Hyperbaric Oxygen Therapy for High-Performance Athlete Recovery
Key Points
- HBOT is increasingly explored as a supportive treatment in sports rehabilitation.
- Its strongest rationale is in injuries involving tissue hypoxia, swelling, impaired circulation, delayed healing, collagen remodelling, graft integration, and bone vascular compromise.
- The evidence is most encouraging in selected ligament injuries, particularly grade 2 MCL injury and early ACL reconstruction graft maturation, as well as bone marrow oedema, avascular necrosis, and some muscle injuries.
- HBOT should currently be viewed as an adjunctive therapy alongside standard sports medicine care, physiotherapy rehabilitation, orthopedic management, and surgery when indicated.
Introduction
Sports and exercise-related injuries affect individuals across all levels of physical activity, from elite athletes to recreational exercisers. Muscle strains, ligament sprains, tendon injuries, stress fractures, bone marrow oedema, and post-surgical recovery challenges can significantly affect physical function, activity levels, and recovery.
Hyperbaric oxygen therapy (HBOT) is attracting growing interest in sports and musculoskeletal rehabilitation because of its potential to enhance oxygen delivery and support processes involved in oedema reduction, inflammation modulation, angiogenesis, collagen synthesis, extracellular matrix remodelling, and tissue repair 1 2 3. Current evidence suggests HBOT may have a role in selected conditions associated with impaired oxygenation or delayed healing, including certain muscle, tendon, and ligament injuries, bone marrow oedema, avascular necrosis, and some post-surgical recovery settings 1 4 5.
The evidence is encouraging but still evolving. HBOT is not a replacement for standard medical care, rehabilitation, physiotherapy, orthopedic management, or surgery when indicated. It should currently be considered an adjunctive therapy that may support recovery in selected clinical settings.
Where HBOT Fits in Sports Injury Care
Sports injury healing progresses through inflammatory, proliferative, and remodelling phases. Oxygen plays an important role throughout tissue healing and regeneration, including inflammatory regulation, fibroblast activity, collagen production, angiogenesis, and tissue remodelling 2.
HBOT may therefore be most relevant in injuries involving significant oedema, tissue hypoxia, vascular compromise, delayed healing, bone vascular injury, pre-collapse avascular necrosis, or post-surgical tissue integration 1 4 6.
Hyperbaric oxygen therapy involves breathing near-pure medical oxygen under increased atmospheric pressure inside a hyperbaric chamber, generally at pressures of 2.0 ATA or greater 1 2. Typical HBOT sessions usually last between 90 and 120 minutes and are commonly delivered on consecutive days, with treatment courses ranging from approximately 5 to 30 sessions depending on injury severity, clinical response, and treatment goals.
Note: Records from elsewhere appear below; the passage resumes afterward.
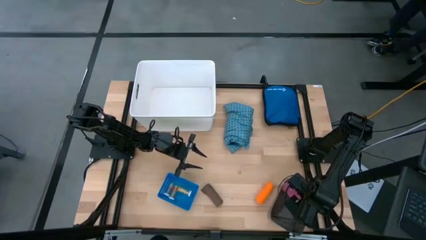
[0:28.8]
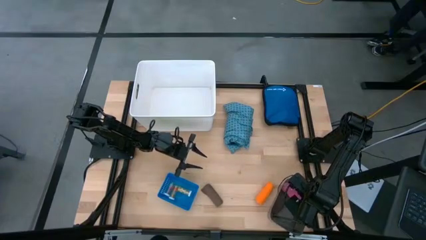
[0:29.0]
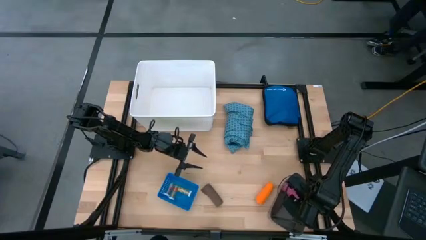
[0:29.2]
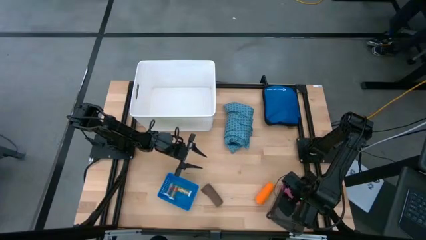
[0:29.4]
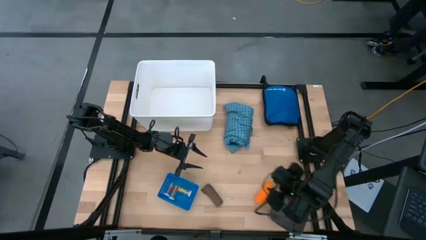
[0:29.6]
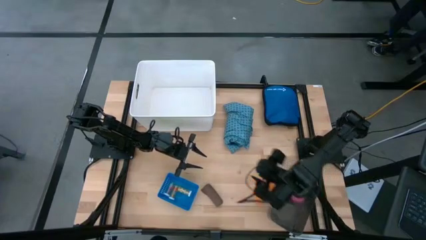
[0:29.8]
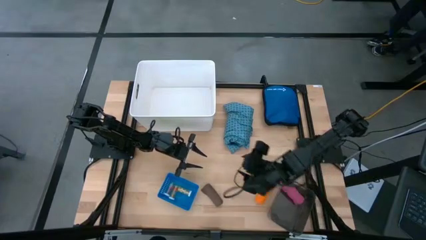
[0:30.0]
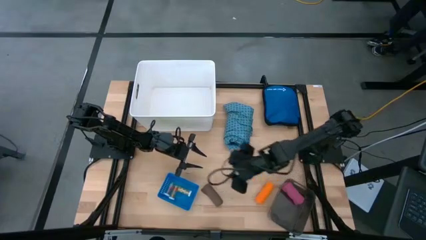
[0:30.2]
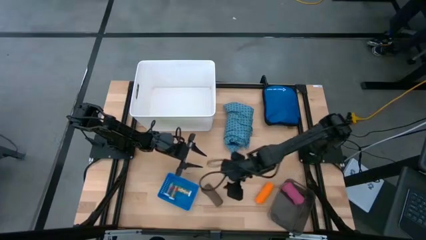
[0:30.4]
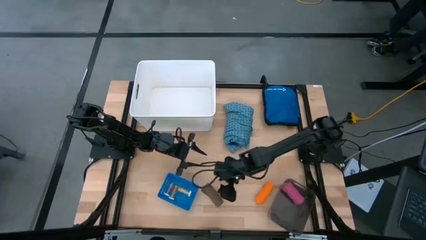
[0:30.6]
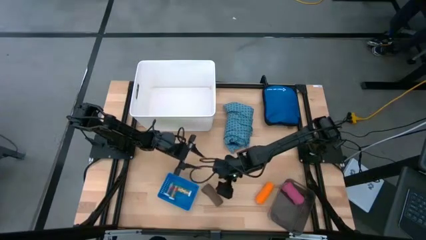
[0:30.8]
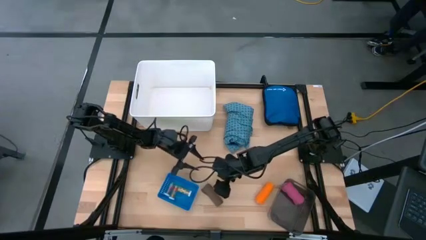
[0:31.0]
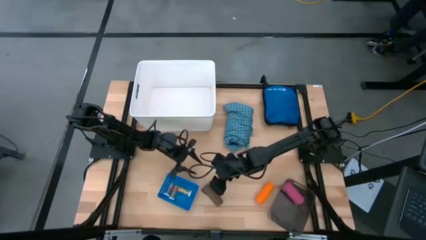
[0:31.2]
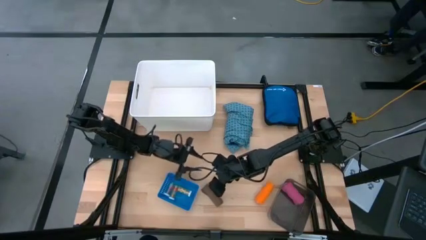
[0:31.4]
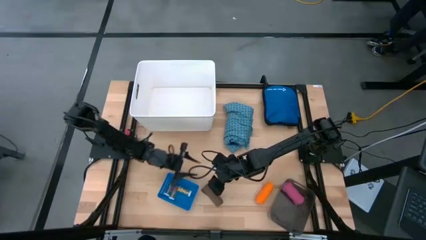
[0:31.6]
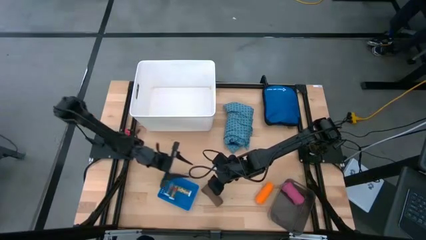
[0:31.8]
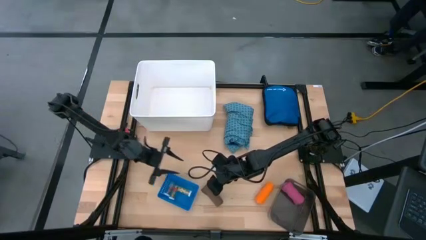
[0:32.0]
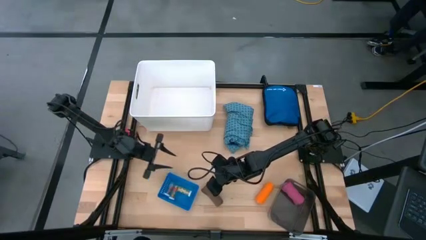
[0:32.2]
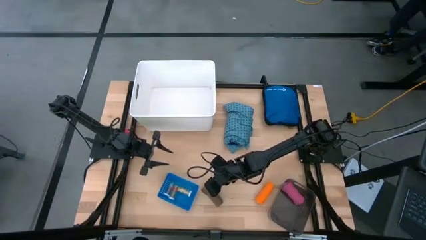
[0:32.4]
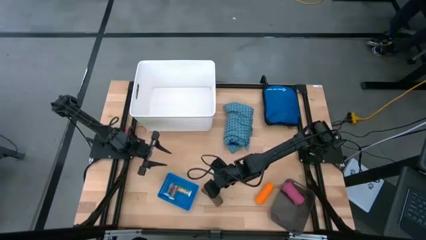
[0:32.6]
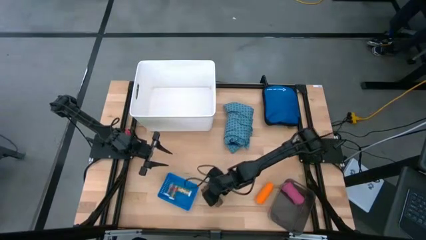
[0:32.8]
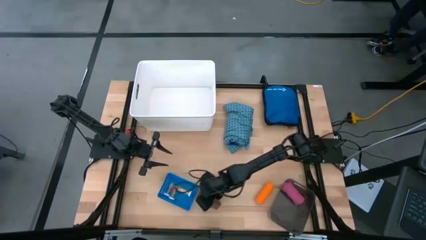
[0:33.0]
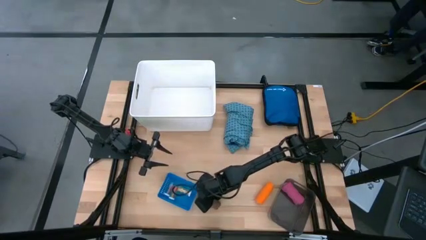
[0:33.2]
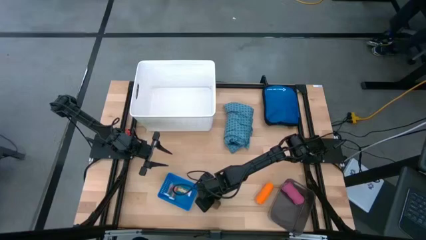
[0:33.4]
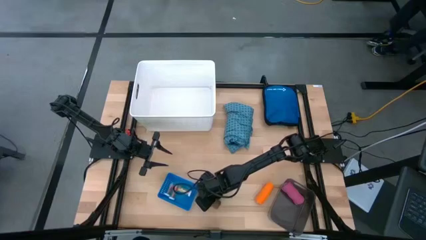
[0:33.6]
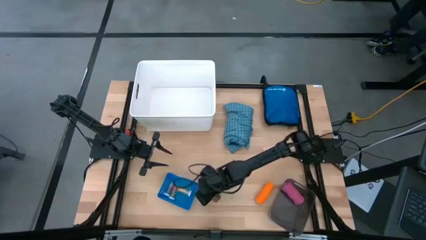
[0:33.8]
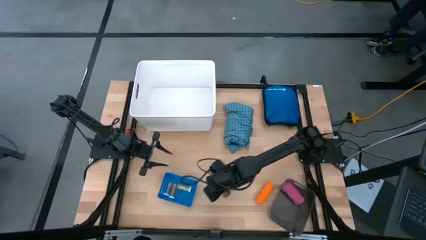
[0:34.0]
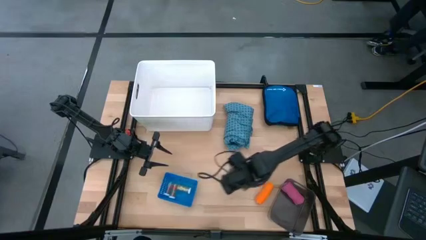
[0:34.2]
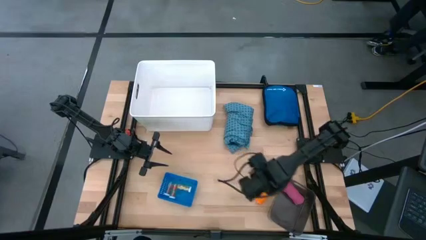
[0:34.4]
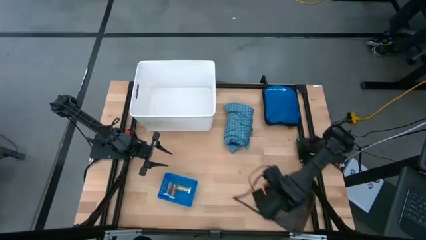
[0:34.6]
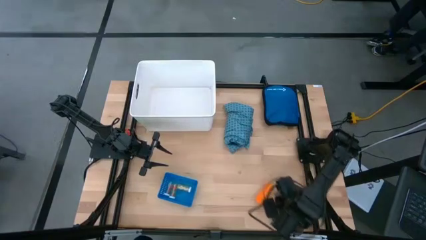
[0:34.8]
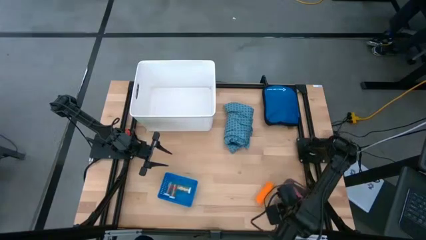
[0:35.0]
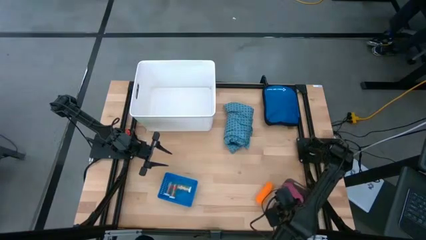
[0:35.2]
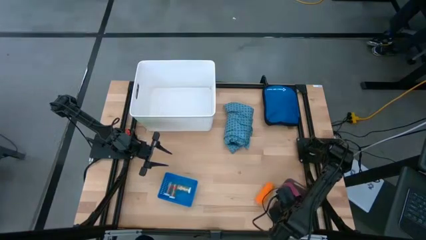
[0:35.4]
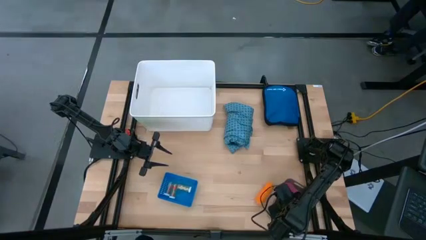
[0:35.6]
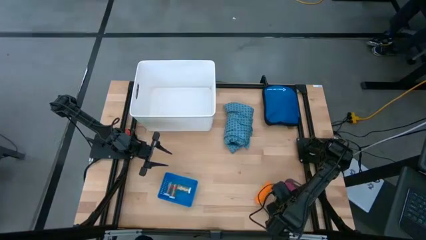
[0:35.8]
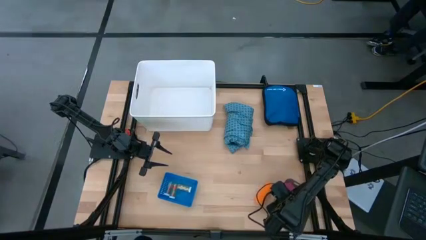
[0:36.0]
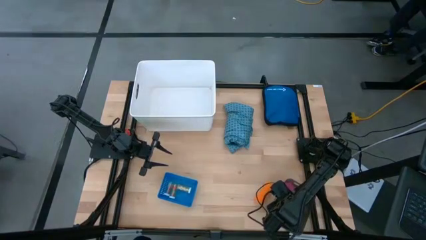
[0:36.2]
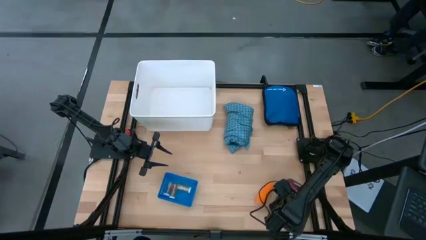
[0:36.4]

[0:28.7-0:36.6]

However, protocols vary according to the injury type and individual medical assessment.
Mechanisms of Action
HBOT substantially increases dissolved oxygen levels in plasma, improving oxygen availability even in tissues where circulation or diffusion may be compromised. Beyond oxygen delivery alone, proposed mechanisms relevant to sports injury recovery include:
- Oedema reduction
- Improved microcirculation
- Inflammation modulation
- Angiogenesis and neovascularisation
- Stem cell mobilisation
- Collagen synthesis and extracellular matrix remodelling
- Muscle regeneration
- Support for bone healing and tissue repair 1 2 3 4
These mechanisms provide a strong biological rationale for HBOT in selected injuries, particularly where swelling, hypoxia, impaired vascularity, or delayed repair are limiting recovery.
What the Evidence Shows
Research into HBOT for sports and musculoskeletal injuries is promising but heterogeneous 1 2 3. Published studies have reported improvements in muscle recovery, tendon-bone integration, collagen synthesis, ligament healing markers, bone marrow oedema, and selected post-operative recovery outcomes.
Overall, HBOT appears most appropriate as an adjunct within a multidisciplinary rehabilitation plan, rather than as a standalone treatment 1 2.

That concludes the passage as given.